Exercise ->
Look through the records, and wherever the string "polygon" turns up, copy out that line.

Extracted material Block Start

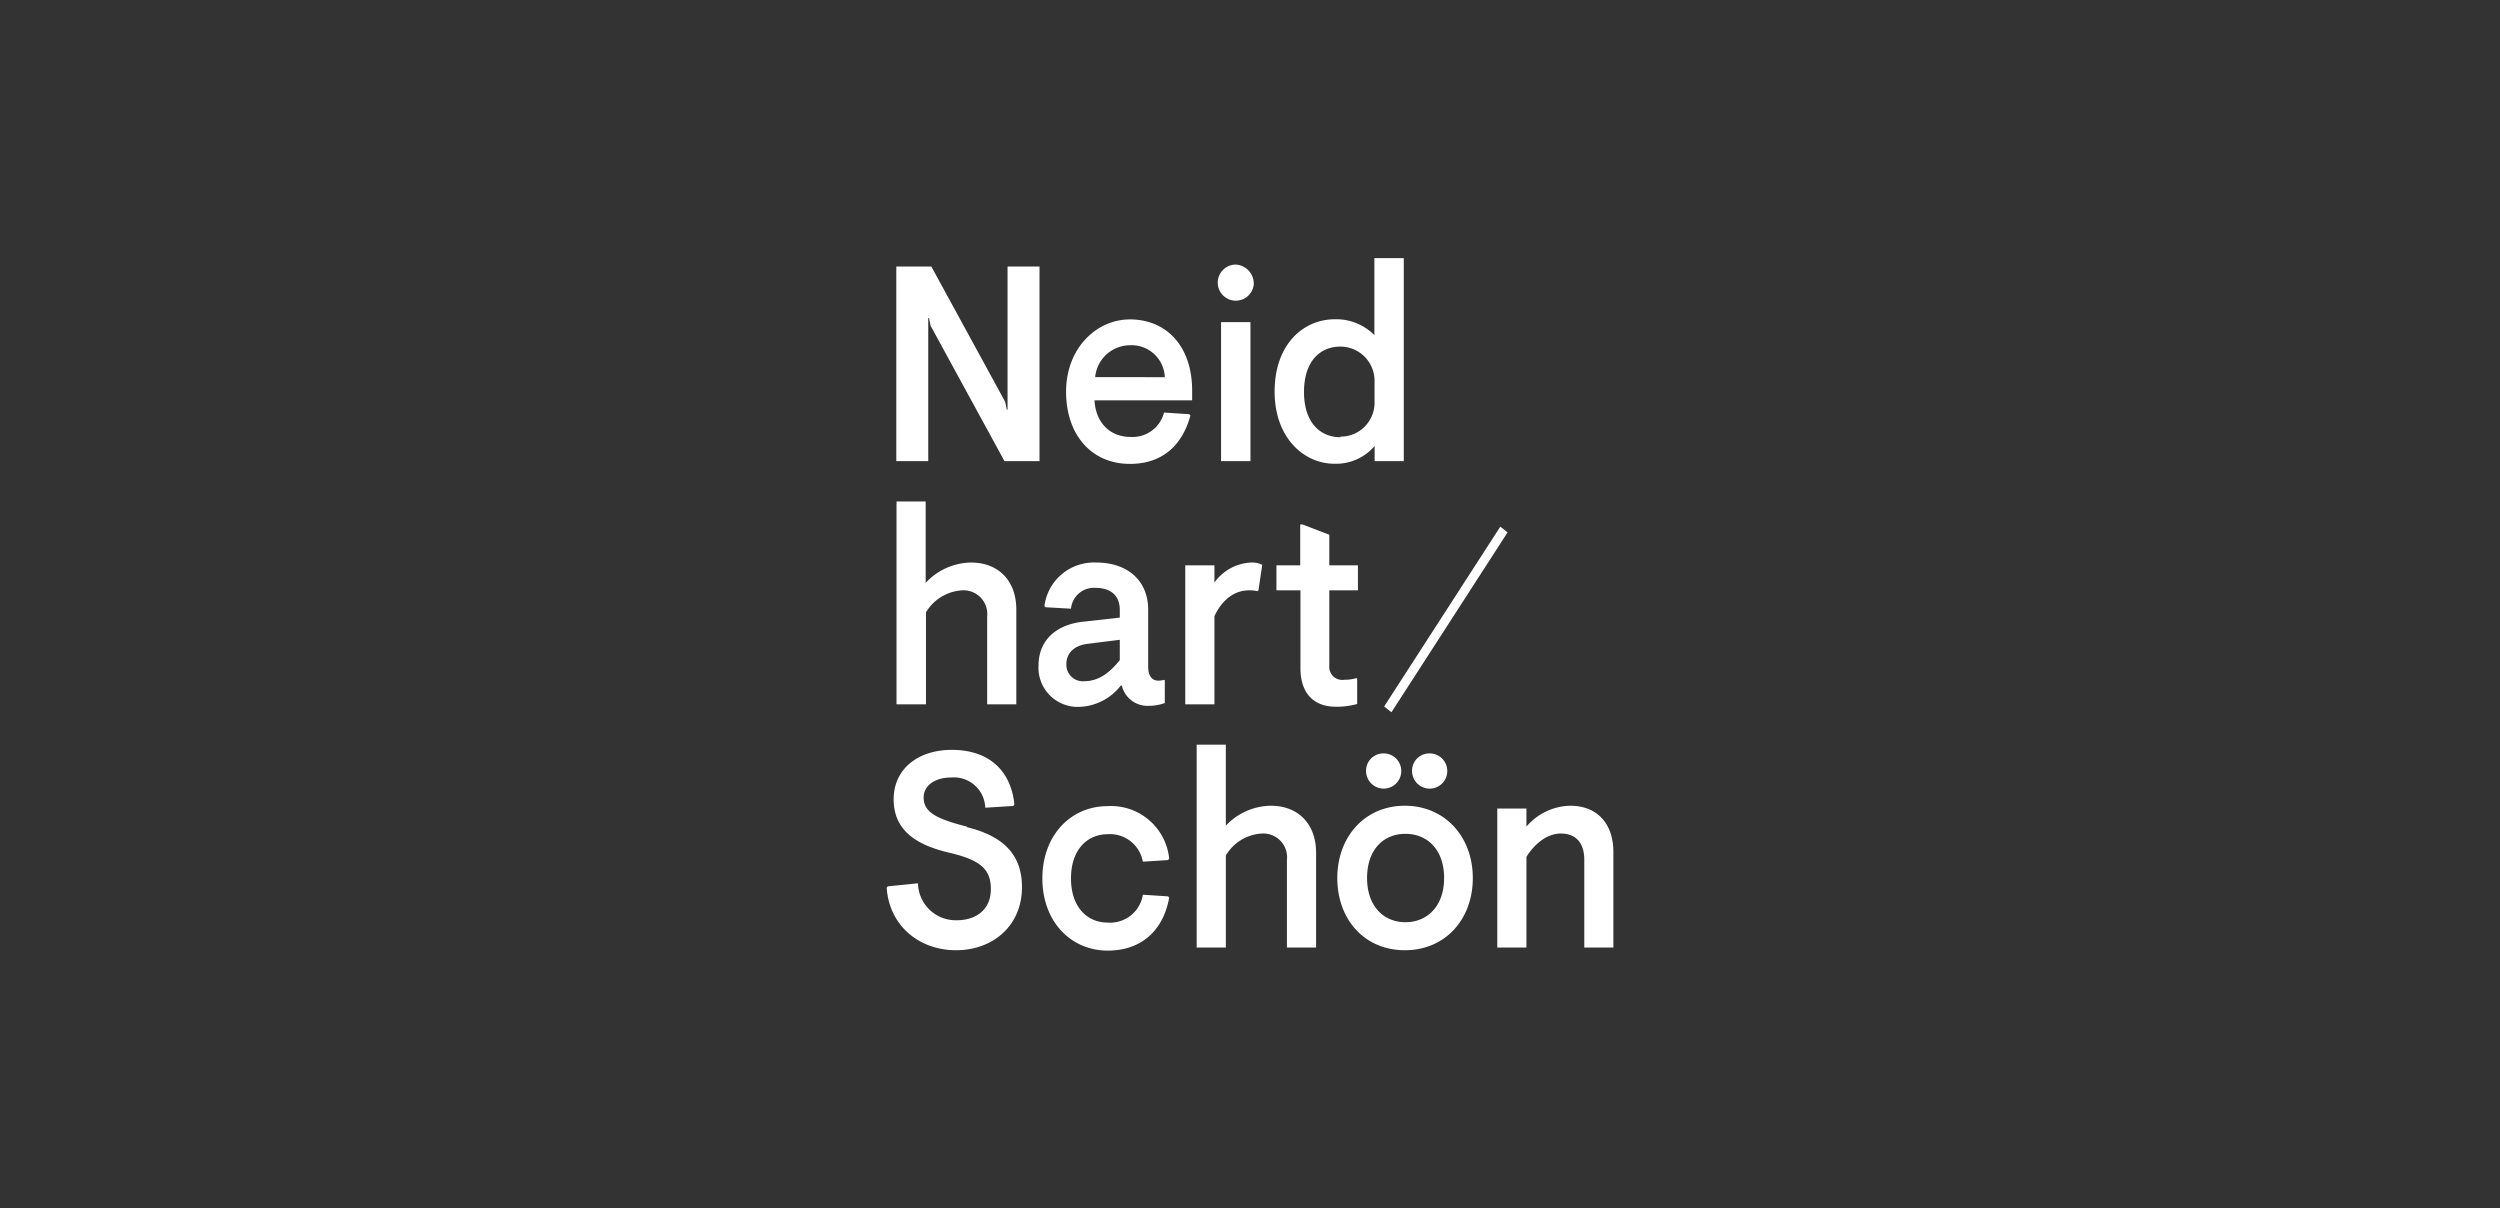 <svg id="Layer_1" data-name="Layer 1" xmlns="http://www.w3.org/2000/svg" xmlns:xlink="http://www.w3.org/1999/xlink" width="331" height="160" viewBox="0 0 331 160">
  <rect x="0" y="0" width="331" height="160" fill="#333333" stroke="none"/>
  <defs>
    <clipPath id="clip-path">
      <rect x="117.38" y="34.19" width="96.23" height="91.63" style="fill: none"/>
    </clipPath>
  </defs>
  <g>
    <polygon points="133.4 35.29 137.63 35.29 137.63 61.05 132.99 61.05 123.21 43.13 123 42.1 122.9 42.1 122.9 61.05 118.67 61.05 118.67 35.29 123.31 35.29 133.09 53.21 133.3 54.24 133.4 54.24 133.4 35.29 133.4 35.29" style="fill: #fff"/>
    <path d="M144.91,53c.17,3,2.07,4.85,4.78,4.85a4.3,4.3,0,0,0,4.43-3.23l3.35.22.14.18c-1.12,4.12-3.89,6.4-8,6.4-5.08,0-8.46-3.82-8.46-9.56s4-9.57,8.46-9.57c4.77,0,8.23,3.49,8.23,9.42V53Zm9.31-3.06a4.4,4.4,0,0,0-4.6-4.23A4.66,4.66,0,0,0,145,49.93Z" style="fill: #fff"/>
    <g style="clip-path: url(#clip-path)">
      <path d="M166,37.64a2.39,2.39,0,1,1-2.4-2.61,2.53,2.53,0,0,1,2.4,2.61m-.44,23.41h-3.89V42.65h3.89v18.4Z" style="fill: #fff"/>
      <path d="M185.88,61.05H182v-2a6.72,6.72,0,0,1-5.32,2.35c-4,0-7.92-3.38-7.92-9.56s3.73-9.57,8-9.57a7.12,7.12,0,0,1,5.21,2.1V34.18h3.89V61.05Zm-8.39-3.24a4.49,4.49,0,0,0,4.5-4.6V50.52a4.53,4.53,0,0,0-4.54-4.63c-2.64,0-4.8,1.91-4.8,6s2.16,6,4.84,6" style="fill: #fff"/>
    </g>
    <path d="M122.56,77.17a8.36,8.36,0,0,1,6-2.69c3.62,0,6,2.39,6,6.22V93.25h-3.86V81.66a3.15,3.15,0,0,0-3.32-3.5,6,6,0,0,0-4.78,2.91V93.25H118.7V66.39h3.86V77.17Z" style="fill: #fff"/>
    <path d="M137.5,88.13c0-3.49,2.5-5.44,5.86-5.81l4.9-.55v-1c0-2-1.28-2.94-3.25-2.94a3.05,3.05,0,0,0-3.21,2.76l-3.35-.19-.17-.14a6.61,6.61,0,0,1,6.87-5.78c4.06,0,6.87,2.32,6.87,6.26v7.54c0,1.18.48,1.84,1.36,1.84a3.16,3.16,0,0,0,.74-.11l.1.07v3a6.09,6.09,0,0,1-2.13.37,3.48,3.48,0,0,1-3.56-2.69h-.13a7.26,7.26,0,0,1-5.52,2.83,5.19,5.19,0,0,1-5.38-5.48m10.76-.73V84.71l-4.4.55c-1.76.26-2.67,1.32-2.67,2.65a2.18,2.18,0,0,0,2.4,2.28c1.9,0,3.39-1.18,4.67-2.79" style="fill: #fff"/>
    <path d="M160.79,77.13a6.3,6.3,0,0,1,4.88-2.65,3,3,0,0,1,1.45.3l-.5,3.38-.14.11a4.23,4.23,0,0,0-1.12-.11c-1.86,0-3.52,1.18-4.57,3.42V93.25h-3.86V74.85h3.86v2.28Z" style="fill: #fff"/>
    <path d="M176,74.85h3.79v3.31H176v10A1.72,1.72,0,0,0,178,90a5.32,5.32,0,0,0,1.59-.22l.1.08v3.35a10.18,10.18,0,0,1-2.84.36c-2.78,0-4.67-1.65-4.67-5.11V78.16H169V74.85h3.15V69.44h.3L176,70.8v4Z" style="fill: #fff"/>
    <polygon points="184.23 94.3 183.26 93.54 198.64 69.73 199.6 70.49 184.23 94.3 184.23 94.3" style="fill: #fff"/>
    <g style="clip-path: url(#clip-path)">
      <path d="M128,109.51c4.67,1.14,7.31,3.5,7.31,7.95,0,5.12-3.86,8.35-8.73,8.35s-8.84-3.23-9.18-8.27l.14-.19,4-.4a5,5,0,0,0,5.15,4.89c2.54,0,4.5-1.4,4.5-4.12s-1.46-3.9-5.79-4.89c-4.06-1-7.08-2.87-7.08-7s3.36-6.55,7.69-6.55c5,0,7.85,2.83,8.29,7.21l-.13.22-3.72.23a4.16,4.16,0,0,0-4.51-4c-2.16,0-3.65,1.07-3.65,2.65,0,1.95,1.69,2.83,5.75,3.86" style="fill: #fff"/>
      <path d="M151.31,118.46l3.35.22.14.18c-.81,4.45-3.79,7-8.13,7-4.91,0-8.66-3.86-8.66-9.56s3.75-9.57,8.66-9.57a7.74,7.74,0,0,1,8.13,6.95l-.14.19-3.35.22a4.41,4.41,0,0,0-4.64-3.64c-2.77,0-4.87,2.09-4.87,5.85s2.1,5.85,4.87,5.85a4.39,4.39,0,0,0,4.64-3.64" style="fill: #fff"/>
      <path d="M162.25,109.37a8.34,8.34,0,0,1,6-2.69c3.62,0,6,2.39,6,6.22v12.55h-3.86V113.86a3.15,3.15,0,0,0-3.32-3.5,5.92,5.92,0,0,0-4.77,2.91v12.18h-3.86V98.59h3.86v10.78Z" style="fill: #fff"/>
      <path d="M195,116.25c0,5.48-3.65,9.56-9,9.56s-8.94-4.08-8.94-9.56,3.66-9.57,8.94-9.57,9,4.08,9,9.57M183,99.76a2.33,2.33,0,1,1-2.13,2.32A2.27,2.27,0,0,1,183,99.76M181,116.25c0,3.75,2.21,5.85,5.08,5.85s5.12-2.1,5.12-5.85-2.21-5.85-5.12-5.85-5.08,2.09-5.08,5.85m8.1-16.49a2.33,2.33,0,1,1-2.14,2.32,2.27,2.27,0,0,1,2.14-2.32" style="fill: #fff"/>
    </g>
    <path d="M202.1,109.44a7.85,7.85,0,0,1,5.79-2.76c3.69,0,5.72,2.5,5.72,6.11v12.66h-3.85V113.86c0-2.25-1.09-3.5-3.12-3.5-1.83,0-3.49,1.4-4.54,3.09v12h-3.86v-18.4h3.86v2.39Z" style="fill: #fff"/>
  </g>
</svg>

Extracted material Block End
Extracted material Block Start

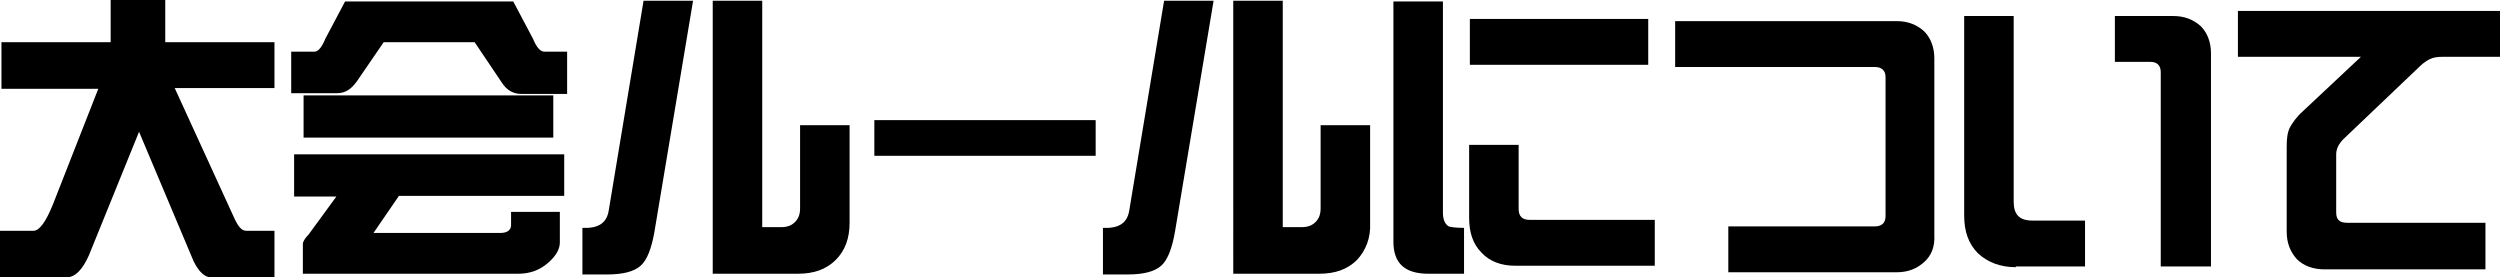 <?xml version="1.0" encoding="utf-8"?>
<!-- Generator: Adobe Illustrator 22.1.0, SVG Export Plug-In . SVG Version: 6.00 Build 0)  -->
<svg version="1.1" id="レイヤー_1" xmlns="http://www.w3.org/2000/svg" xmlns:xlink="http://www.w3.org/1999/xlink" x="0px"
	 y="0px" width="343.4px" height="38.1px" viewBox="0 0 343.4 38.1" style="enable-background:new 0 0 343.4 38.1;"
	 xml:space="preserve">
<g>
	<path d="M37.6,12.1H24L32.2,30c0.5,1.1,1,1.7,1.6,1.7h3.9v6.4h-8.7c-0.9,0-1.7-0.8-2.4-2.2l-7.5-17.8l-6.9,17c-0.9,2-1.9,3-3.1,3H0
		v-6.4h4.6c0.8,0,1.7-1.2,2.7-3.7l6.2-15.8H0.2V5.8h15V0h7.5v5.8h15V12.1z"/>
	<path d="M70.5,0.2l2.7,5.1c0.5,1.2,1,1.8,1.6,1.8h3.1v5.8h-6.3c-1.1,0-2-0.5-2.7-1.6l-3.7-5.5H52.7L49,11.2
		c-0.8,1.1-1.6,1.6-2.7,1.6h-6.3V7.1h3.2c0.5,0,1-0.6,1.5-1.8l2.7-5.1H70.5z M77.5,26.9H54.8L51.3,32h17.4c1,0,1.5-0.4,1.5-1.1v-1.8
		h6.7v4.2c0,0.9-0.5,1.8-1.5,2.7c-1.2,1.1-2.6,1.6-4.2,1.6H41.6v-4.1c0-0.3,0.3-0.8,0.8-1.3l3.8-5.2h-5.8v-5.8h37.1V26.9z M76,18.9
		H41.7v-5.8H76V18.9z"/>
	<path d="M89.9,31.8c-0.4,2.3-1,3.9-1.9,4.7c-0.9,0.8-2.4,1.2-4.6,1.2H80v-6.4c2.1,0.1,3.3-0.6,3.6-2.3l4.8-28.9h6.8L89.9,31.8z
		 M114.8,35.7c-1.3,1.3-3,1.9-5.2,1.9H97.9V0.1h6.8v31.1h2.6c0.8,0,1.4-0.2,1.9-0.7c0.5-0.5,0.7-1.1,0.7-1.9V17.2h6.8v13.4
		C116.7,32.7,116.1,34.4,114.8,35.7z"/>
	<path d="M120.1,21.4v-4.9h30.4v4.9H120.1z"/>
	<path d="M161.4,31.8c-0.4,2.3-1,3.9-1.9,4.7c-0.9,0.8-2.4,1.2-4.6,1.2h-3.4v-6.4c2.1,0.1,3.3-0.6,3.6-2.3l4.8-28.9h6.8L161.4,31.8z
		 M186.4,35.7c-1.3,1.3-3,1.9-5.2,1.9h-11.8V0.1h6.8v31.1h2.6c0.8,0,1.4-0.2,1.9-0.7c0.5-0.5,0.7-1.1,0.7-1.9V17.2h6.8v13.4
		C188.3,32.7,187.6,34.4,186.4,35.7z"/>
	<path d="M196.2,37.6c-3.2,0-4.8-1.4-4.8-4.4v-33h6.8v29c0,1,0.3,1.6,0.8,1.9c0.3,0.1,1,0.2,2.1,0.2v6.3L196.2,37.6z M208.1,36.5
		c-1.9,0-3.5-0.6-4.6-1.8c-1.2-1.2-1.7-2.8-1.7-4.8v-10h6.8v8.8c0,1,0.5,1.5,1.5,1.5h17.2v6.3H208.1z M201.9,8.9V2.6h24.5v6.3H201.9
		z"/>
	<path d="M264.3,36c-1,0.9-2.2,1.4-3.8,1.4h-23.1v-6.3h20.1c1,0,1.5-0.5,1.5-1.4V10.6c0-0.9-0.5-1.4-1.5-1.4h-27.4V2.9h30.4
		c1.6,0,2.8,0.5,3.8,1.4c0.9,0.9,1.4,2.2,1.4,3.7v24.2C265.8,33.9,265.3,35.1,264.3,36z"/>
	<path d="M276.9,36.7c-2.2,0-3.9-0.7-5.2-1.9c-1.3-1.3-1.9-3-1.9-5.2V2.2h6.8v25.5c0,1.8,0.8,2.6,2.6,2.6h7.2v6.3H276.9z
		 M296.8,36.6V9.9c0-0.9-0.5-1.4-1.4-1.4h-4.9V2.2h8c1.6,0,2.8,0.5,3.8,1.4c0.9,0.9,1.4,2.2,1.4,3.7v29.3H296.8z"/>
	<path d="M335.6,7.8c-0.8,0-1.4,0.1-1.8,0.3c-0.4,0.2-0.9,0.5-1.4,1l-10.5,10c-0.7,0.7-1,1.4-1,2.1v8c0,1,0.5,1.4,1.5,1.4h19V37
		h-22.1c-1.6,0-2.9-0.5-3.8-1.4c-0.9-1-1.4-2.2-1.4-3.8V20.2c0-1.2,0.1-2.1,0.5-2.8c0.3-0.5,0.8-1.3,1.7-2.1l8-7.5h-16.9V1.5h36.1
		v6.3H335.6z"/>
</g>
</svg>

Extracted material Block End

Final answer ->
    <polygon points="133.4 35.29 137.63 35.29 137.63 61.05 132.99 61.05 123.21 43.13 123 42.1 122.9 42.1 122.9 61.05 118.67 61.05 118.67 35.29 123.31 35.29 133.09 53.21 133.3 54.24 133.4 54.24 133.4 35.29 133.4 35.29" style="fill: #fff"/>
    <polygon points="184.23 94.3 183.26 93.54 198.64 69.73 199.6 70.49 184.23 94.3 184.23 94.3" style="fill: #fff"/>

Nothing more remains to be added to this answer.